[To do]
Word for word, copy out the records given below.

[Dataset content]

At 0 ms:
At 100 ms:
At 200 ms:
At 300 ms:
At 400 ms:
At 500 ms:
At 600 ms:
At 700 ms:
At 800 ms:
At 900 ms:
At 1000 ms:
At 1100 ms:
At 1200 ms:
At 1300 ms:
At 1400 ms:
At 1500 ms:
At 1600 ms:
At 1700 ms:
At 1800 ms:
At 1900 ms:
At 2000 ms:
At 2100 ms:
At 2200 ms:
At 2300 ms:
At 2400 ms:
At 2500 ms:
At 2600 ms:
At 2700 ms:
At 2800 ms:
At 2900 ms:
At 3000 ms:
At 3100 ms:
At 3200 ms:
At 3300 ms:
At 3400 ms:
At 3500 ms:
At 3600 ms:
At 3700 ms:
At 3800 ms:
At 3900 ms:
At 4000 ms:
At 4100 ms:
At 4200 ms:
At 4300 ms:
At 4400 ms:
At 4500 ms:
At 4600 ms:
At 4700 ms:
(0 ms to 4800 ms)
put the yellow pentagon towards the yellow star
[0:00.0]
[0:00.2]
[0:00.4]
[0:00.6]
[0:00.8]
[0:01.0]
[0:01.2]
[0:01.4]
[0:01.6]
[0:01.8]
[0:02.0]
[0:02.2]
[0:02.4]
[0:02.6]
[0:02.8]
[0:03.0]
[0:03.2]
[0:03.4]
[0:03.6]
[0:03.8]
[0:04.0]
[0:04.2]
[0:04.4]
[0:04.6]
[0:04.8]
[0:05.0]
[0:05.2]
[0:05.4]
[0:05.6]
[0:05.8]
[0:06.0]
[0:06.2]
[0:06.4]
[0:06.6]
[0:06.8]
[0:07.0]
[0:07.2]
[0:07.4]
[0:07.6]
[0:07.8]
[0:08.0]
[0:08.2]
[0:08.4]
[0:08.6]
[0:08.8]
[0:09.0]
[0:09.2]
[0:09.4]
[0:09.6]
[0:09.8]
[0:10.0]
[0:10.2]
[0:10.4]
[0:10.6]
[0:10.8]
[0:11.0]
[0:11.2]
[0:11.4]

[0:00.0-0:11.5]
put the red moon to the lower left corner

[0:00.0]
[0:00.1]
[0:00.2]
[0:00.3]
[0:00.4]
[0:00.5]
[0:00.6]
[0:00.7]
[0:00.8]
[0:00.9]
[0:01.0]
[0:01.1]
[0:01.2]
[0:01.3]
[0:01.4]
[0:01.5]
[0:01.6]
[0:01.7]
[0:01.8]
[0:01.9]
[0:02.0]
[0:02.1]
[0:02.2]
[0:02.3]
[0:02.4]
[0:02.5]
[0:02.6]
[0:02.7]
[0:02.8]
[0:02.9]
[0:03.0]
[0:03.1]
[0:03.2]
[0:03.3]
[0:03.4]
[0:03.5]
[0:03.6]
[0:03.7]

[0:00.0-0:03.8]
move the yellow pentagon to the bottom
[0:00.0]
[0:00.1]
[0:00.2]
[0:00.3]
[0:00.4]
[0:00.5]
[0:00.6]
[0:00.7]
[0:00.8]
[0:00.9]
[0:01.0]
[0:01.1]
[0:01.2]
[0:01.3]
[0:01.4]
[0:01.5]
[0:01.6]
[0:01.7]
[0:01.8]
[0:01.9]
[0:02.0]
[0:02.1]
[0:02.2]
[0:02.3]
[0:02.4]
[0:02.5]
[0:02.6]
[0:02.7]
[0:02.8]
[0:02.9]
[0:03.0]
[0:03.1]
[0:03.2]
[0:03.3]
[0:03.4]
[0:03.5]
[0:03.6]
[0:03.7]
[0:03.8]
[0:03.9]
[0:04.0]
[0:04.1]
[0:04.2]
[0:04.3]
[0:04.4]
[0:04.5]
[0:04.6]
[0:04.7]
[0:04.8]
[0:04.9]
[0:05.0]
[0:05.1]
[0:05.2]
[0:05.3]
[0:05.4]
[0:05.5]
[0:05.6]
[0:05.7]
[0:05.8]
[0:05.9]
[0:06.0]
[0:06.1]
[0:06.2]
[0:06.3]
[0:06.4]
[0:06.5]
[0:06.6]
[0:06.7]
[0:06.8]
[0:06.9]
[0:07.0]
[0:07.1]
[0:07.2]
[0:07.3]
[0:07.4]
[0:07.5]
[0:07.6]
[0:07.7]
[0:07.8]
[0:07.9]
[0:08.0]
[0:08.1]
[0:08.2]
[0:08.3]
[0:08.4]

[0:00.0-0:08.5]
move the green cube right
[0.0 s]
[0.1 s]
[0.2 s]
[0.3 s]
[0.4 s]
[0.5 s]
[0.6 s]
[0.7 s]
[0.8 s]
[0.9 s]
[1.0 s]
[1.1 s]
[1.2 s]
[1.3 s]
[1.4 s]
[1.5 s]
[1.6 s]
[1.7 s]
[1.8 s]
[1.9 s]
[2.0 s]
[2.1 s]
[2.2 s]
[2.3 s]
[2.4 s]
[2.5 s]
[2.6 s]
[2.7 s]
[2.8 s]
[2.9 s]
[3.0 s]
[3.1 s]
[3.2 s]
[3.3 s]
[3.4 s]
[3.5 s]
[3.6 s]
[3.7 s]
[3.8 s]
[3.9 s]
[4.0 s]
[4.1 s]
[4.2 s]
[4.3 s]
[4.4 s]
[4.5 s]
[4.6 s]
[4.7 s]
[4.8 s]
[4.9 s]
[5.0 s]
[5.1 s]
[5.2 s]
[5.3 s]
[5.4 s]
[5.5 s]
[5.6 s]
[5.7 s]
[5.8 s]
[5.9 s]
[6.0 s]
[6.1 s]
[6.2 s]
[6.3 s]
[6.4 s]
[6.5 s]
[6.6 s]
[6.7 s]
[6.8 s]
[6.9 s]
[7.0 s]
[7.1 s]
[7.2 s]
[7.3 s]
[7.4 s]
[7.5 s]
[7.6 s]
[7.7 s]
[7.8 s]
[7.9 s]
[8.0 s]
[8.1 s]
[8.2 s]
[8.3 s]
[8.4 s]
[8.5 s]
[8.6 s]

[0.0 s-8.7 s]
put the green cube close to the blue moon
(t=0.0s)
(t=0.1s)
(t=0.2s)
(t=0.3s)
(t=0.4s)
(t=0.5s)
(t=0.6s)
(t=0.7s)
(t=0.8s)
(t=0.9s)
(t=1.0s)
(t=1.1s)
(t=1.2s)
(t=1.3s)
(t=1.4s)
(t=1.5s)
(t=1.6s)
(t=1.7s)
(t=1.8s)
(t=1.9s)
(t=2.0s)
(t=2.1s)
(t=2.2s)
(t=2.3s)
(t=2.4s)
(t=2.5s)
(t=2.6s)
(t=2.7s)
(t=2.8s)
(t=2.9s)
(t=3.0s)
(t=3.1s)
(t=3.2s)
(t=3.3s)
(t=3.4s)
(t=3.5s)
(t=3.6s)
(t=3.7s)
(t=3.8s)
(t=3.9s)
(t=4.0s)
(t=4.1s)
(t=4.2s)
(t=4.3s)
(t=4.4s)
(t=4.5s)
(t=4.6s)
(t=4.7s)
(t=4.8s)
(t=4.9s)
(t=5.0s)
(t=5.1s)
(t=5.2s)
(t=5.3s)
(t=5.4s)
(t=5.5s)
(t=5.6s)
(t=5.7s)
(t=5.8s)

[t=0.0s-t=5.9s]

[Output of the exercise]
At 0 ms:
At 100 ms:
At 200 ms:
At 300 ms:
At 400 ms:
At 500 ms:
At 600 ms:
At 700 ms:
At 800 ms:
At 900 ms:
At 1000 ms:
At 1100 ms:
At 1200 ms:
At 1300 ms:
At 1400 ms:
At 1500 ms:
At 1600 ms:
At 1700 ms:
At 1800 ms:
At 1900 ms:
At 2000 ms:
At 2100 ms:
At 2200 ms:
At 2300 ms:
At 2400 ms:
At 2500 ms:
At 2600 ms:
At 2700 ms:
At 2800 ms:
At 2900 ms:
At 3000 ms:
At 3100 ms:
At 3200 ms:
At 3300 ms:
At 3400 ms:
At 3500 ms:
At 3600 ms:
At 3700 ms:
At 3800 ms:
At 3900 ms:
At 4000 ms:
At 4100 ms:
At 4200 ms:
At 4300 ms:
At 4400 ms:
At 4500 ms:
At 4600 ms:
At 4700 ms:
(0 ms to 4800 ms)
put the yellow pentagon towards the yellow star
[0:00.0]
[0:00.2]
[0:00.4]
[0:00.6]
[0:00.8]
[0:01.0]
[0:01.2]
[0:01.4]
[0:01.6]
[0:01.8]
[0:02.0]
[0:02.2]
[0:02.4]
[0:02.6]
[0:02.8]
[0:03.0]
[0:03.2]
[0:03.4]
[0:03.6]
[0:03.8]
[0:04.0]
[0:04.2]
[0:04.4]
[0:04.6]
[0:04.8]
[0:05.0]
[0:05.2]
[0:05.4]
[0:05.6]
[0:05.8]
[0:06.0]
[0:06.2]
[0:06.4]
[0:06.6]
[0:06.8]
[0:07.0]
[0:07.2]
[0:07.4]
[0:07.6]
[0:07.8]
[0:08.0]
[0:08.2]
[0:08.4]
[0:08.6]
[0:08.8]
[0:09.0]
[0:09.2]
[0:09.4]
[0:09.6]
[0:09.8]
[0:10.0]
[0:10.2]
[0:10.4]
[0:10.6]
[0:10.8]
[0:11.0]
[0:11.2]
[0:11.4]

[0:00.0-0:11.5]
put the red moon to the lower left corner

[0:00.0]
[0:00.1]
[0:00.2]
[0:00.3]
[0:00.4]
[0:00.5]
[0:00.6]
[0:00.7]
[0:00.8]
[0:00.9]
[0:01.0]
[0:01.1]
[0:01.2]
[0:01.3]
[0:01.4]
[0:01.5]
[0:01.6]
[0:01.7]
[0:01.8]
[0:01.9]
[0:02.0]
[0:02.1]
[0:02.2]
[0:02.3]
[0:02.4]
[0:02.5]
[0:02.6]
[0:02.7]
[0:02.8]
[0:02.9]
[0:03.0]
[0:03.1]
[0:03.2]
[0:03.3]
[0:03.4]
[0:03.5]
[0:03.6]
[0:03.7]

[0:00.0-0:03.8]
move the yellow pentagon to the bottom
[0:00.0]
[0:00.1]
[0:00.2]
[0:00.3]
[0:00.4]
[0:00.5]
[0:00.6]
[0:00.7]
[0:00.8]
[0:00.9]
[0:01.0]
[0:01.1]
[0:01.2]
[0:01.3]
[0:01.4]
[0:01.5]
[0:01.6]
[0:01.7]
[0:01.8]
[0:01.9]
[0:02.0]
[0:02.1]
[0:02.2]
[0:02.3]
[0:02.4]
[0:02.5]
[0:02.6]
[0:02.7]
[0:02.8]
[0:02.9]
[0:03.0]
[0:03.1]
[0:03.2]
[0:03.3]
[0:03.4]
[0:03.5]
[0:03.6]
[0:03.7]
[0:03.8]
[0:03.9]
[0:04.0]
[0:04.1]
[0:04.2]
[0:04.3]
[0:04.4]
[0:04.5]
[0:04.6]
[0:04.7]
[0:04.8]
[0:04.9]
[0:05.0]
[0:05.1]
[0:05.2]
[0:05.3]
[0:05.4]
[0:05.5]
[0:05.6]
[0:05.7]
[0:05.8]
[0:05.9]
[0:06.0]
[0:06.1]
[0:06.2]
[0:06.3]
[0:06.4]
[0:06.5]
[0:06.6]
[0:06.7]
[0:06.8]
[0:06.9]
[0:07.0]
[0:07.1]
[0:07.2]
[0:07.3]
[0:07.4]
[0:07.5]
[0:07.6]
[0:07.7]
[0:07.8]
[0:07.9]
[0:08.0]
[0:08.1]
[0:08.2]
[0:08.3]
[0:08.4]

[0:00.0-0:08.5]
move the green cube right
[0.0 s]
[0.1 s]
[0.2 s]
[0.3 s]
[0.4 s]
[0.5 s]
[0.6 s]
[0.7 s]
[0.8 s]
[0.9 s]
[1.0 s]
[1.1 s]
[1.2 s]
[1.3 s]
[1.4 s]
[1.5 s]
[1.6 s]
[1.7 s]
[1.8 s]
[1.9 s]
[2.0 s]
[2.1 s]
[2.2 s]
[2.3 s]
[2.4 s]
[2.5 s]
[2.6 s]
[2.7 s]
[2.8 s]
[2.9 s]
[3.0 s]
[3.1 s]
[3.2 s]
[3.3 s]
[3.4 s]
[3.5 s]
[3.6 s]
[3.7 s]
[3.8 s]
[3.9 s]
[4.0 s]
[4.1 s]
[4.2 s]
[4.3 s]
[4.4 s]
[4.5 s]
[4.6 s]
[4.7 s]
[4.8 s]
[4.9 s]
[5.0 s]
[5.1 s]
[5.2 s]
[5.3 s]
[5.4 s]
[5.5 s]
[5.6 s]
[5.7 s]
[5.8 s]
[5.9 s]
[6.0 s]
[6.1 s]
[6.2 s]
[6.3 s]
[6.4 s]
[6.5 s]
[6.6 s]
[6.7 s]
[6.8 s]
[6.9 s]
[7.0 s]
[7.1 s]
[7.2 s]
[7.3 s]
[7.4 s]
[7.5 s]
[7.6 s]
[7.7 s]
[7.8 s]
[7.9 s]
[8.0 s]
[8.1 s]
[8.2 s]
[8.3 s]
[8.4 s]
[8.5 s]
[8.6 s]

[0.0 s-8.7 s]
put the green cube close to the blue moon
(t=0.0s)
(t=0.1s)
(t=0.2s)
(t=0.3s)
(t=0.4s)
(t=0.5s)
(t=0.6s)
(t=0.7s)
(t=0.8s)
(t=0.9s)
(t=1.0s)
(t=1.1s)
(t=1.2s)
(t=1.3s)
(t=1.4s)
(t=1.5s)
(t=1.6s)
(t=1.7s)
(t=1.8s)
(t=1.9s)
(t=2.0s)
(t=2.1s)
(t=2.2s)
(t=2.3s)
(t=2.4s)
(t=2.5s)
(t=2.6s)
(t=2.7s)
(t=2.8s)
(t=2.9s)
(t=3.0s)
(t=3.1s)
(t=3.2s)
(t=3.3s)
(t=3.4s)
(t=3.5s)
(t=3.6s)
(t=3.7s)
(t=3.8s)
(t=3.9s)
(t=4.0s)
(t=4.1s)
(t=4.2s)
(t=4.3s)
(t=4.4s)
(t=4.5s)
(t=4.6s)
(t=4.7s)
(t=4.8s)
(t=4.9s)
(t=5.0s)
(t=5.1s)
(t=5.2s)
(t=5.3s)
(t=5.4s)
(t=5.5s)
(t=5.6s)
(t=5.7s)
(t=5.8s)

[t=0.0s-t=5.9s]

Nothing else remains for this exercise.